╭─ Extracted information
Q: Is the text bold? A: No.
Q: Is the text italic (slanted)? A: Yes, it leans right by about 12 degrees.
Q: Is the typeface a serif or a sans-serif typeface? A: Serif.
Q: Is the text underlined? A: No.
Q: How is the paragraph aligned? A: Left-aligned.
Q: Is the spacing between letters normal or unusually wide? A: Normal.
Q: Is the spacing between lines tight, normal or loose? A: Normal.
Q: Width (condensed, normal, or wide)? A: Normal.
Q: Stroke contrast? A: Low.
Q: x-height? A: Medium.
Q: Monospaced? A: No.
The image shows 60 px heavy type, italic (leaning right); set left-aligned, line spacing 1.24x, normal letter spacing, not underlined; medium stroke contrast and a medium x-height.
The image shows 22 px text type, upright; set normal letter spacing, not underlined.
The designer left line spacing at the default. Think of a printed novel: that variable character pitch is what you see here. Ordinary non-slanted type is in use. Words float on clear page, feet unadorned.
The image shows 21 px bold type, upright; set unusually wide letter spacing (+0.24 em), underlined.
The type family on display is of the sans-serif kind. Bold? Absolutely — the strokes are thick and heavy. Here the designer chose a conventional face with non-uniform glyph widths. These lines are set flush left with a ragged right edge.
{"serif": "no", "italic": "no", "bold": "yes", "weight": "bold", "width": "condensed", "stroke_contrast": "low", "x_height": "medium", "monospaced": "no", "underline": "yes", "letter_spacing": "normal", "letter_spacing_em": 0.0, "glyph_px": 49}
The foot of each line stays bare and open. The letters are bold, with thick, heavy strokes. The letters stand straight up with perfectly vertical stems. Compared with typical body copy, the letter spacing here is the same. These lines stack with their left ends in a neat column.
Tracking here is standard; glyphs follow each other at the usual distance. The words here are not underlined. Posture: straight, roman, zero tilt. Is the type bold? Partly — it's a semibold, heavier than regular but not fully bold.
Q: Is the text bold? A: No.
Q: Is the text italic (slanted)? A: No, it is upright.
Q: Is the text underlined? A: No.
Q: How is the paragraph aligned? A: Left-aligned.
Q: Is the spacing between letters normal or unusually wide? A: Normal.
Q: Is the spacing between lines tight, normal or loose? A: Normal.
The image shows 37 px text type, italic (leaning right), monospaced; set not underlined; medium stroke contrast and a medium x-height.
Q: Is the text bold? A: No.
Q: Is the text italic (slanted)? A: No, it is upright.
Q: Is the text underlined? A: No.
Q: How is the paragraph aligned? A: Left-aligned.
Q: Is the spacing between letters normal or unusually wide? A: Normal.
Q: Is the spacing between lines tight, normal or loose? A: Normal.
╰─
- **Exercise description**:
Set down the lines of the records exactly, from the first one through the line containing "Q: Width (condensed, normal, or", and add nothing else.

- **Output for this task**:
Q: Is the text bold? A: No.
Q: Is the text italic (slanted)? A: Yes, it leans right by about 12 degrees.
Q: Is the typeface a serif or a sans-serif typeface? A: Serif.
Q: Is the text underlined? A: No.
Q: How is the paragraph aligned? A: Left-aligned.
Q: Is the spacing between letters normal or unusually wide? A: Normal.
Q: Is the spacing between lines tight, normal or loose? A: Normal.
Q: Width (condensed, normal, or wide)? A: Normal.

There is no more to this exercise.